** Work request **
Please restate every line below exactly, without any pictures.

◇ ◇ ◇ ◇

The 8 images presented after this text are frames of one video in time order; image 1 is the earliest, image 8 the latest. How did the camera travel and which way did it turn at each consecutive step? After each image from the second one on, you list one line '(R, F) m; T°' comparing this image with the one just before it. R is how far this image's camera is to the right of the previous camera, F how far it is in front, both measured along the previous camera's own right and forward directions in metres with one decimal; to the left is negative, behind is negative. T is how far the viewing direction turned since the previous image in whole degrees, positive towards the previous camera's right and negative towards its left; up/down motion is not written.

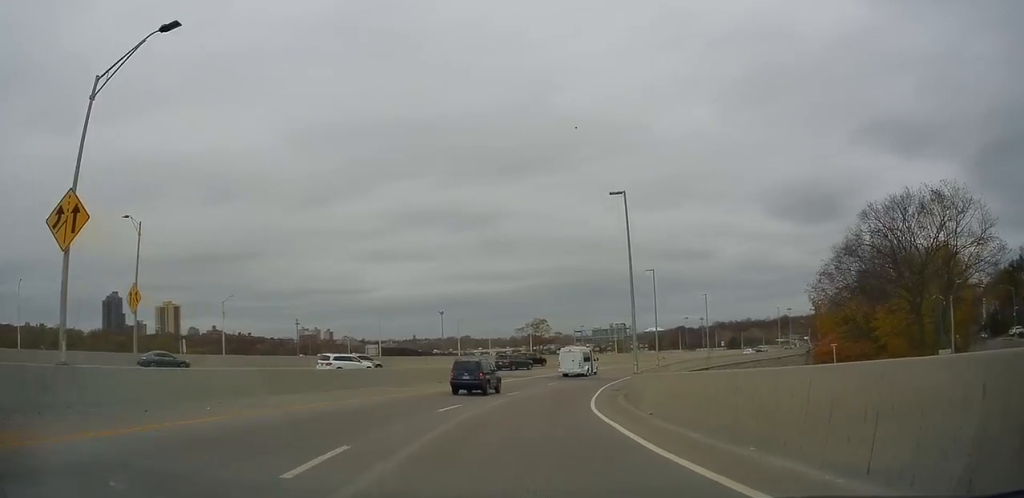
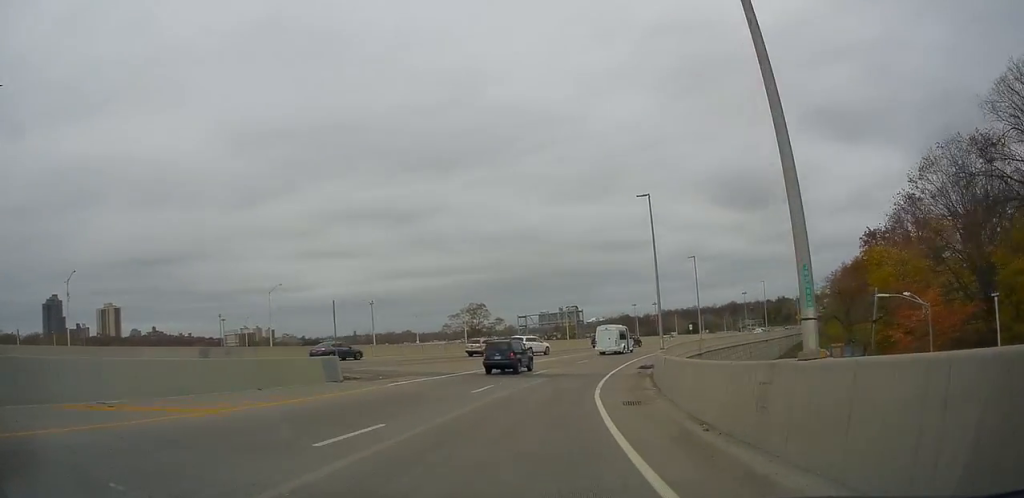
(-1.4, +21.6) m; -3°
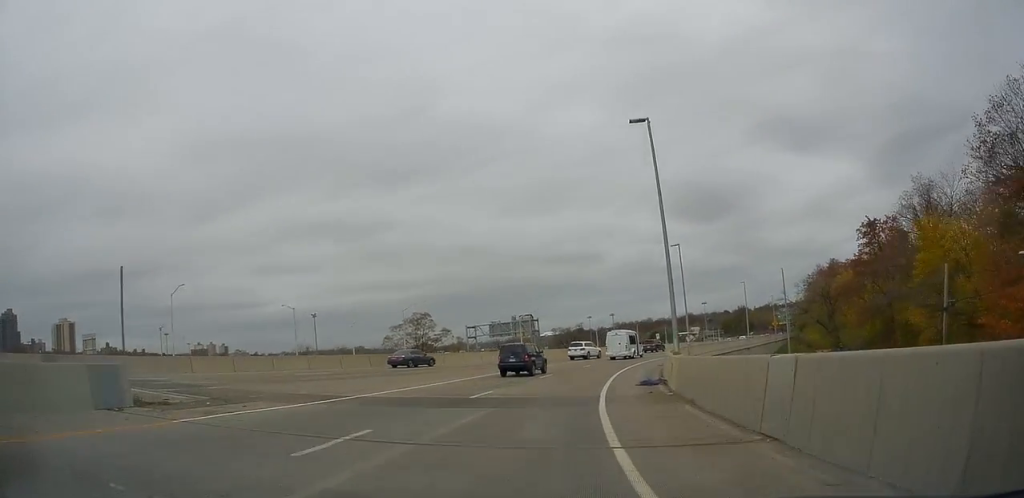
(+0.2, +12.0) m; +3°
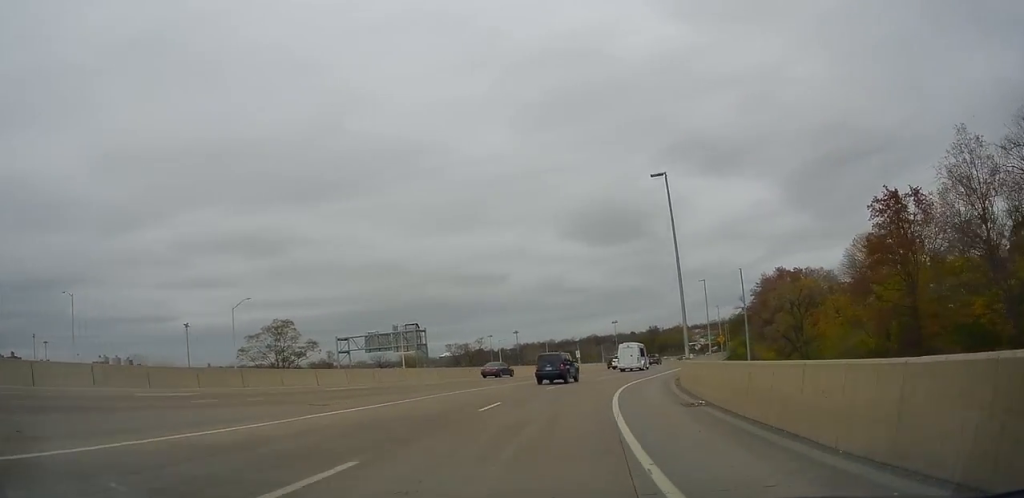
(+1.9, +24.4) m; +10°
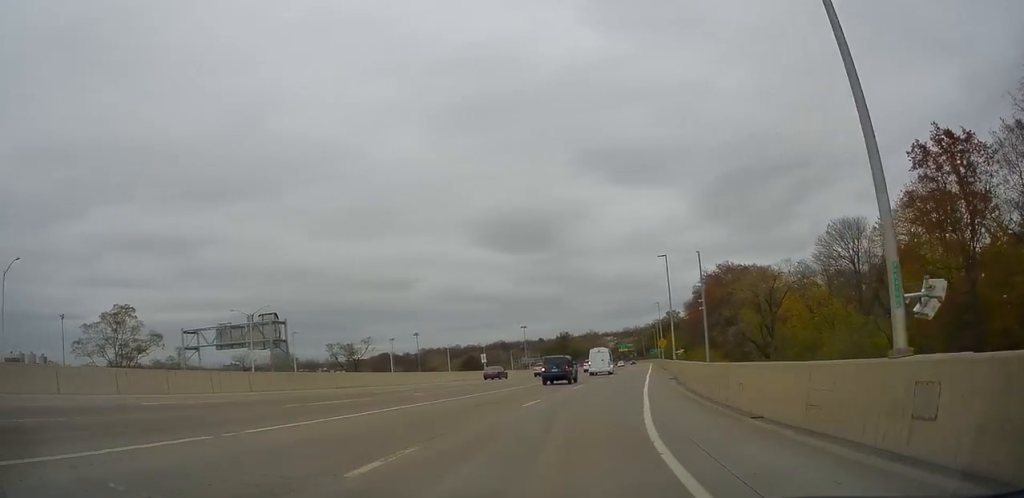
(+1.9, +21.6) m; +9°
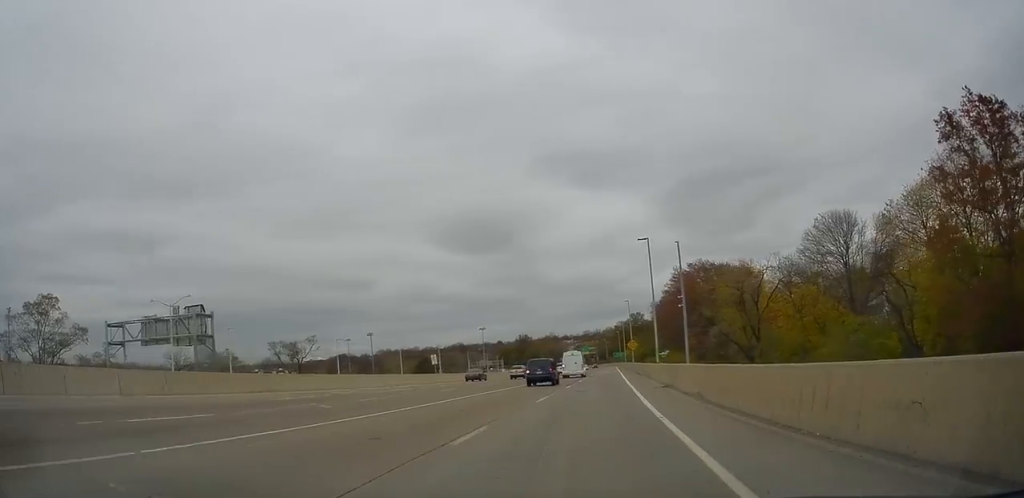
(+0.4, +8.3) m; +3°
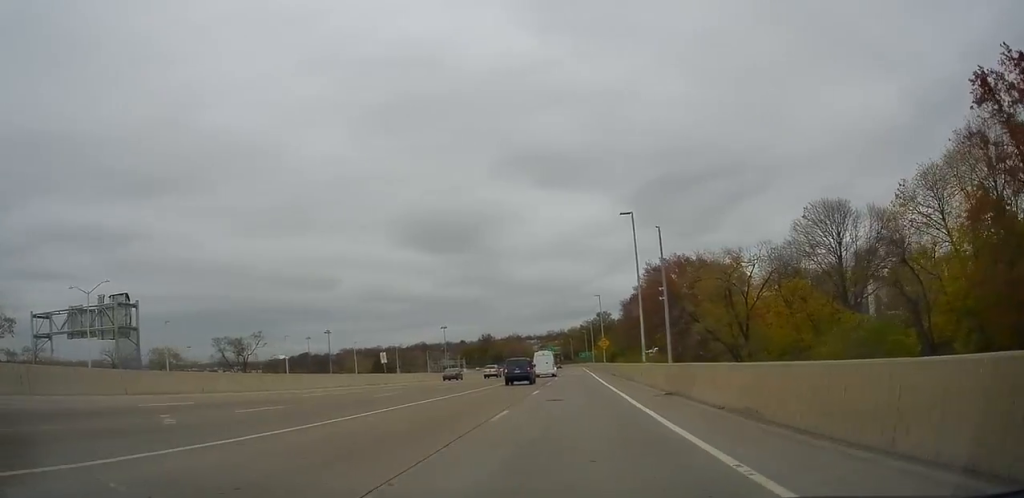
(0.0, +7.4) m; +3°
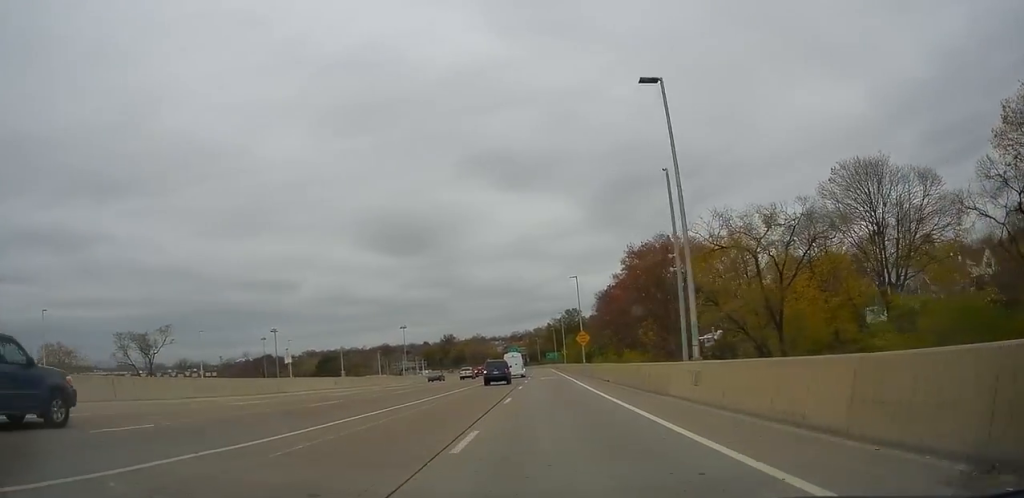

◇ ◇ ◇ ◇

** Solution for this problem **
The 8 images presented after this text are frames of one video in time order; image 1 is the earliest, image 8 the latest. How did the camera travel and which way did it turn at each consecutive step? After each image from the second one on, you list one line '(R, F) m; T°' comparing this image with the one just before it. R is how far this image's camera is to the right of the previous camera, F how far it is in front, both measured along the previous camera's own right and forward directions in metres with one decimal; to the left is negative, behind is negative. T is how far the viewing direction turned since the previous image in whole degrees, positive towards the previous camera's right and negative towards its left; up/down motion is not written.

(-1.4, +21.6) m; -3°
(+0.2, +12.0) m; +3°
(+1.9, +24.4) m; +10°
(+1.9, +21.6) m; +9°
(+0.4, +8.3) m; +3°
(0.0, +7.4) m; +3°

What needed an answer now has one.